Subcommittee on Emerging Gene and Cell Therapies
Katy Rezvani, MD ('24)
Antonio M. Risitano, MD, PhD ('24)
Robert A. Brodsky, MD ('25)
Marina Cavazzana, MD, PhD ('25)
May Daher, MD, MD ('25)
Natalie Grover, MD ('25)
Saad Sirop Kenderian, MD ('23)
Frederick Locke, MD ('23)
Annarita Miccio, PhD ('25)
Sarah Nikiforow, MD, PhD ('23)
Fabiana Perna, MD, PhD ('23)
Matthew Porteus, MD, PhD ('23)
Paula Rio, PhD ('23)
Rizwan Romee, MD ('25)
Rayne H. Rouce, MD ('25)
Stefanie Sarantopoulos, MD, PhD ('25)
Nirali N. Shah, MD ('23)
Melody Smith, MD, MS ('23)
Heather E. Stefanski, MD, PhD ('25)
Marcel van den Brink ('25)
Alice Kuaban, MS
Improving immune-based therapies for hematologic diseases is one of ASH’s research priorities. As the body of evidence continues to grow on the potential applications of these therapies, next-generation research must focus on the possible curative effects while also addressing the multiple challenges that still need to be overcome to ensure their optimal use.

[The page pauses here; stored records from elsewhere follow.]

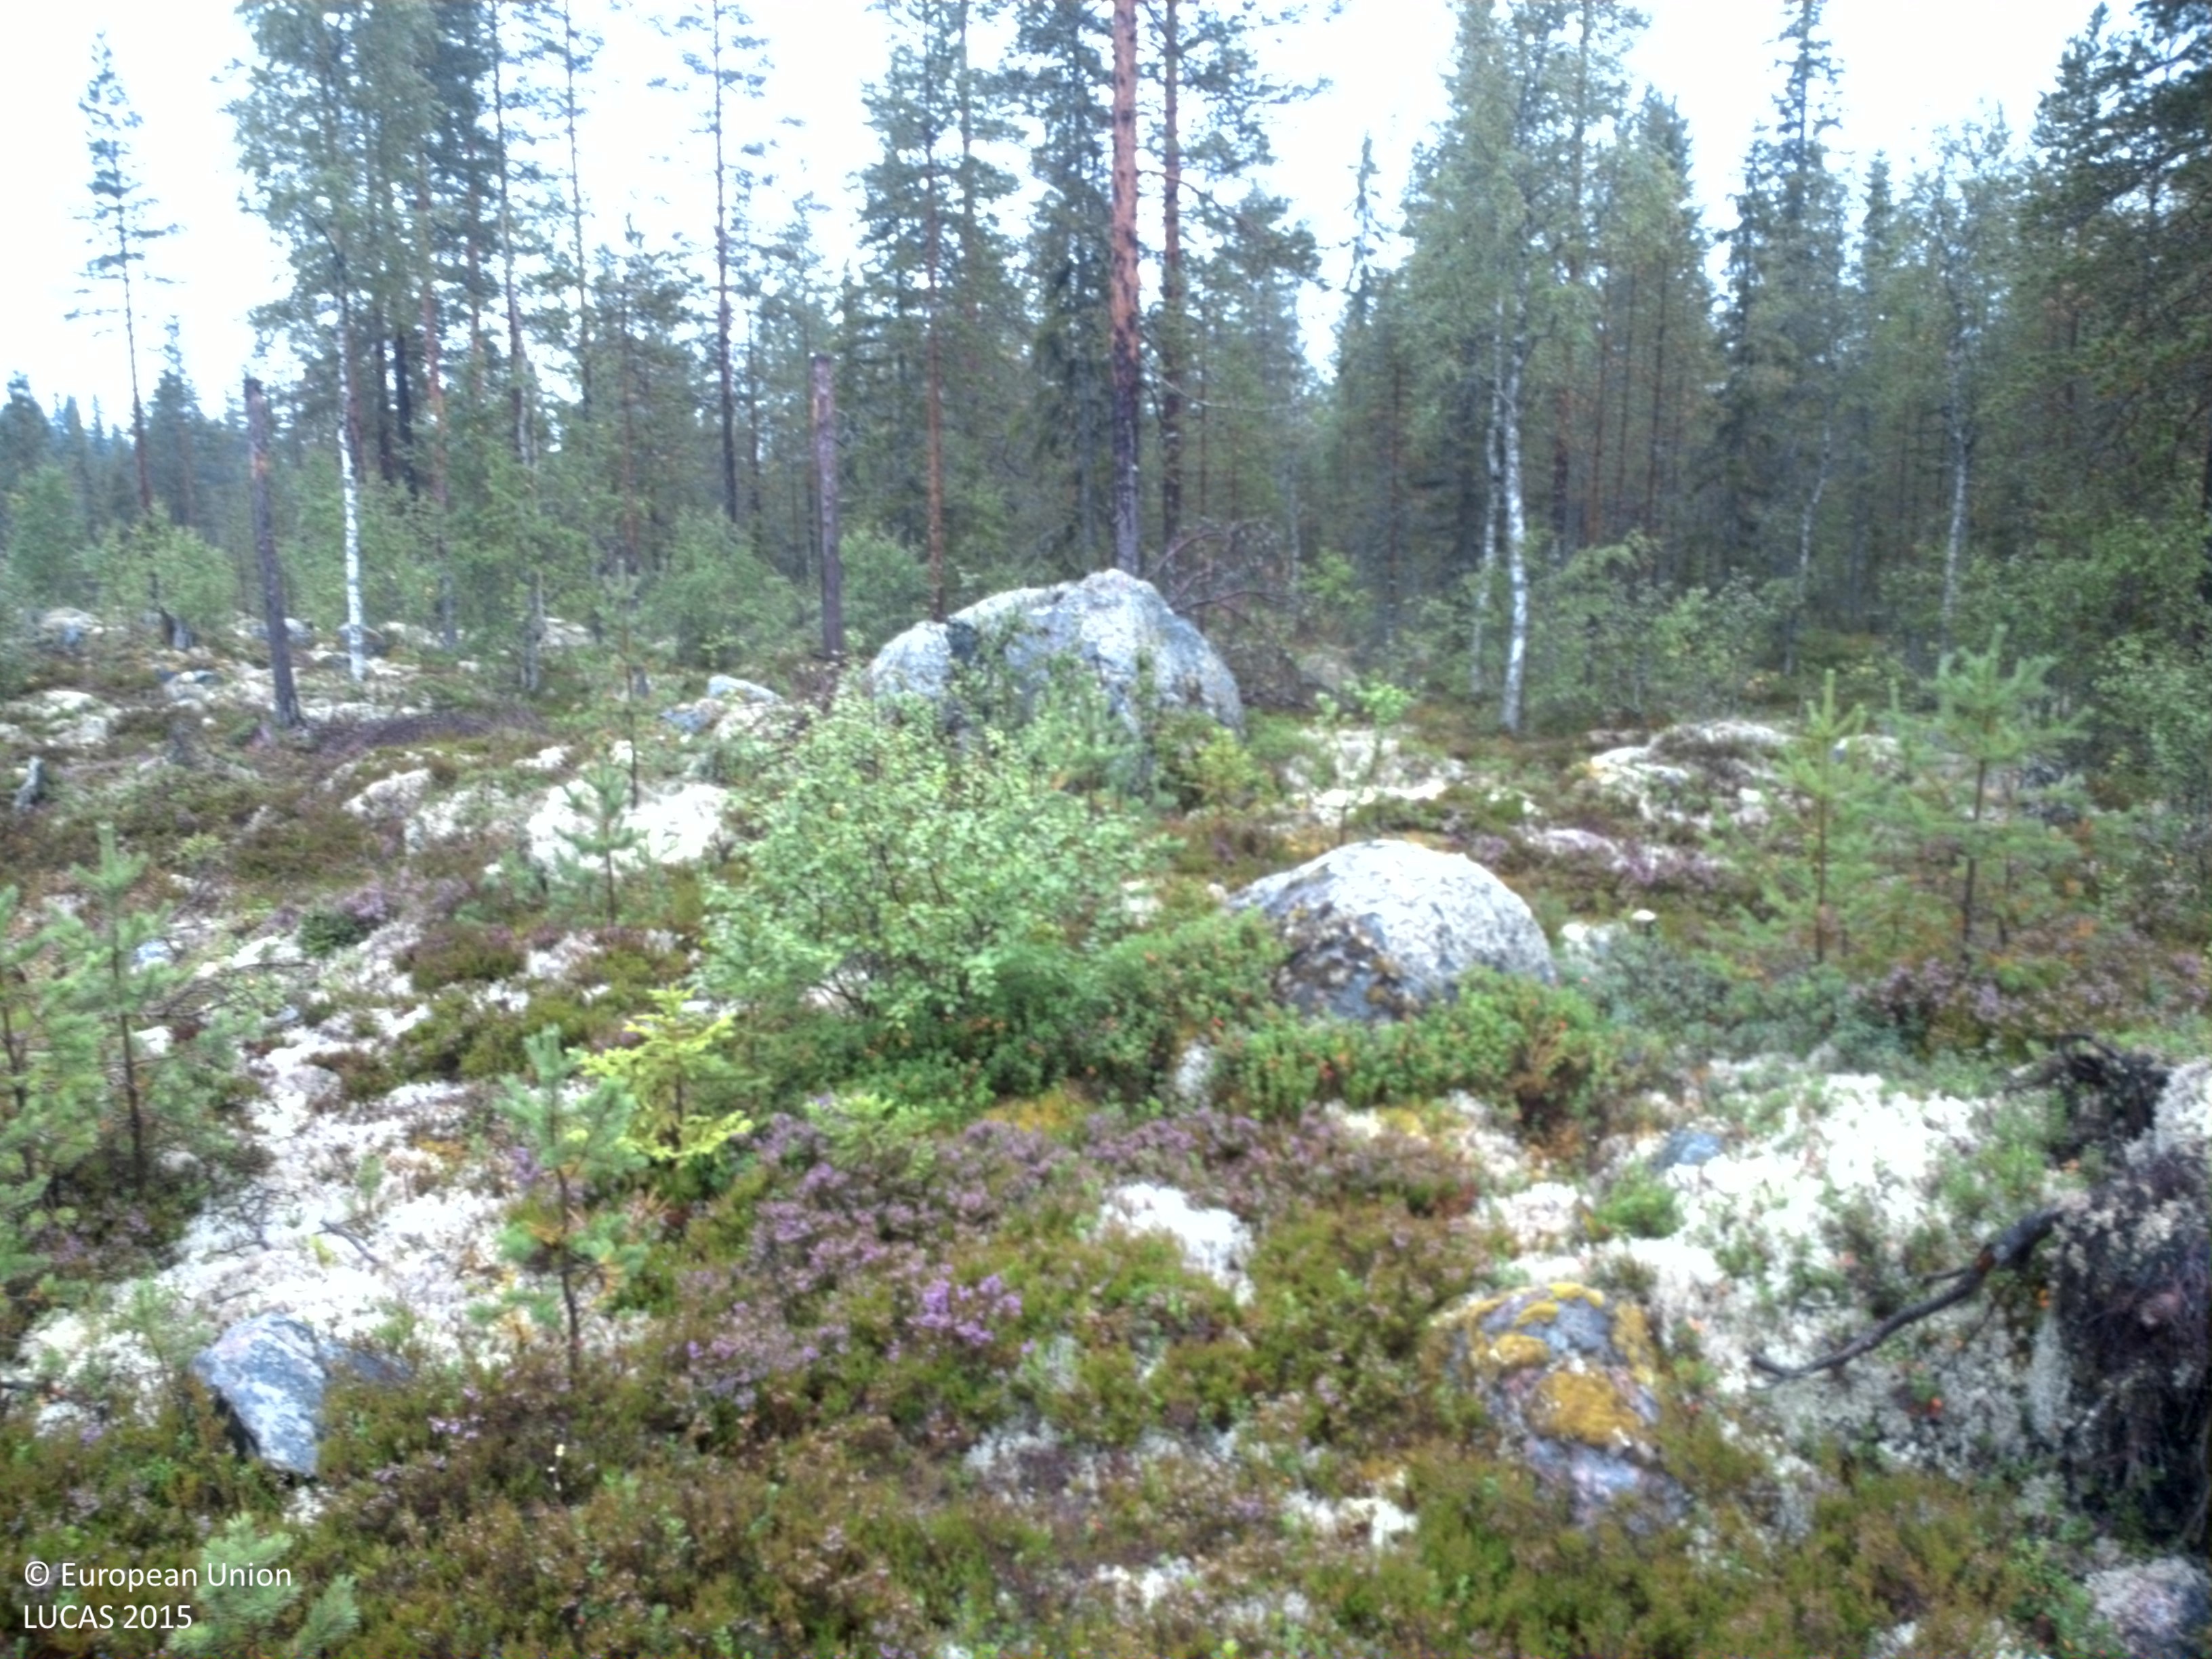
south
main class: Woodland
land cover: Pine dominated coniferous woodland
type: boreal forest
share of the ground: 10 - 25 %
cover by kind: shrubs 65 %, lichens and mosses 20 %, coniferous forest trees 15 %
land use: Forestry
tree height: < 5 m
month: August
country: SE
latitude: 61.7333
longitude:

The Subcommittee on Emerging Gene and Cell Therapies, a subcommittee of the Committee on Scientific Affairs, identifies barriers in the application of immune-based therapies to both malignant and non-malignant hematologic diseases, determines ways ASH could play a role in overcoming such barriers, and if appropriate, makes recommendations to the Society. Specifically, the subcommittee aims to develop useful resources for the hematology community aimed at:
· Understanding the state of the science as it relates to gene and cell therapies for the treatment of hematologic diseases.
· Advancing the use of immunotherapies for the treatment of classical hematologic disease (e.g., complement targeting, immunotherapies for coagulation disorders, etc.).
· Educating investigators about Clustered Regularly Interspaced Short Palindromic Repeats (CRISPR) gene editing and its interplay with gene and cell therapies.
· Providing physicians with information on how cellular therapies should be managed.
· Advocating for improved patient access to these therapies.
Members of the Subcommittee on Emerging Gene and Cell Therapies are appointed to three-year staggered terms (with the possibility of renewal once) and include gene editing, gene therapy, as well as immunotherapy experts focused on both malignant and classical hematology. The chair and vice chair each serve two-year terms. If not already a member of the Committee on Scientific Affairs, the chair of the Subcommittee on Emerging Gene and Cell Therapies serves as a liaison member of the Committee on Scientific Affairs. The subcommittee’s leadership always represents both malignant and classical hematology.
Members of the Subcommittee on Emerging Gene and Cell Therapies are required to participate in regularly scheduled conference calls and possibly one in-person meeting if deemed necessary.